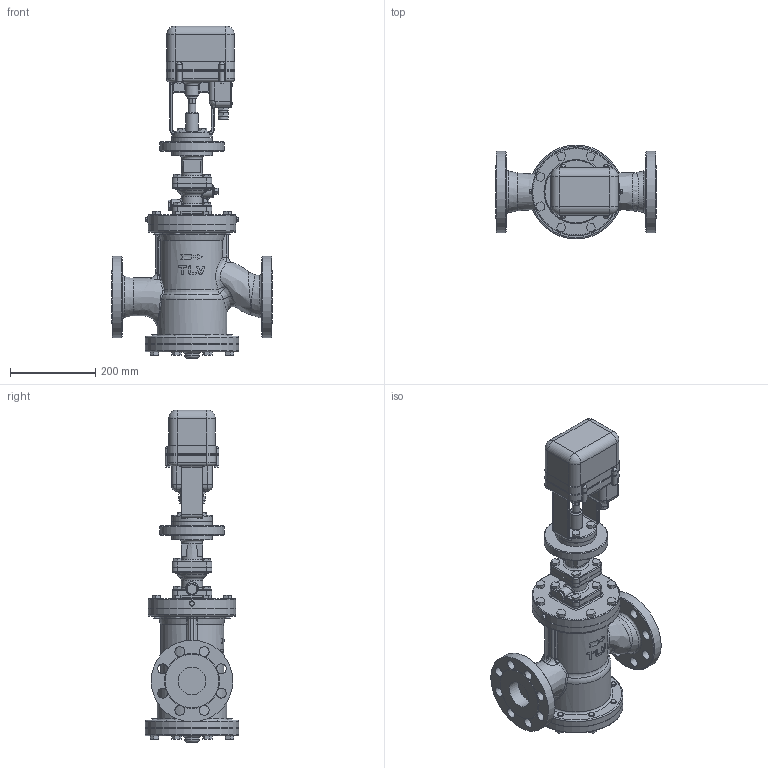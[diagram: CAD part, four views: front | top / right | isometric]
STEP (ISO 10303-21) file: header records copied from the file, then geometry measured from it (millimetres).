
FILE_DESCRIPTION(/* description */ (''),/* implementation_level */ '2;1');
FILE_NAME(/* name */ 'ccr16-065-a0250-00.stp',/* time_stamp */ '2018-01-09T14:06:21+09:00',/* author */ ('nakaot'),/* organization */ (''),/* preprocessor_version */ 'ST-DEVELOPER v15.6',/* originating_system */ 'Autodesk Inventor 2015',/* authorisation */ '');
FILE_SCHEMA (('CONFIG_CONTROL_DESIGN'));
Length unit declared in the file: millimetre
Products named in the file (1): ccr16-065-a0250-00
Bounding box: 377 x 220 x 778 mm (x, y, z)
Volume: 13630602.7 mm3; surface area: 913069.5 mm2
Topology: 1 solids, 1 shells, 1101 faces, 2732 edges, 1709 vertices
Faces by surface type: plane 576, cylinder 299, torus 100, bspline 98, sphere 18, cone 10
Full cylindrical faces by diameter (mm): 5.5 x4, 5.9 x4, 6 x4, 10 x12, 12 x34, 16.918 x1, 17 x1, 18 x1, 20 x2, 21 x1, 23 x17, 24 x2, 27 x1, 30 x2, 32 x1, 34 x1, 41.003 x1, 43.962 x1, 53.888 x1, 58.297 x1, 59.474 x1, 65 x2, 95 x3, 124.078 x1, 146.683 x1, 150 x1, 164 x1, 191 x2, 206 x2, 220 x2
Entity records: 37764 total; most frequent: CARTESIAN_POINT 12516, DIRECTION 5104, ORIENTED_EDGE 5092, EDGE_CURVE 2546, AXIS2_PLACEMENT_3D 1870, VERTEX_POINT 1678, EDGE_LOOP 1416, LINE 1364

## Problem to work on
When a line in the listing above holds "records", include it in the tally; report only the tally.

## Exercise output
2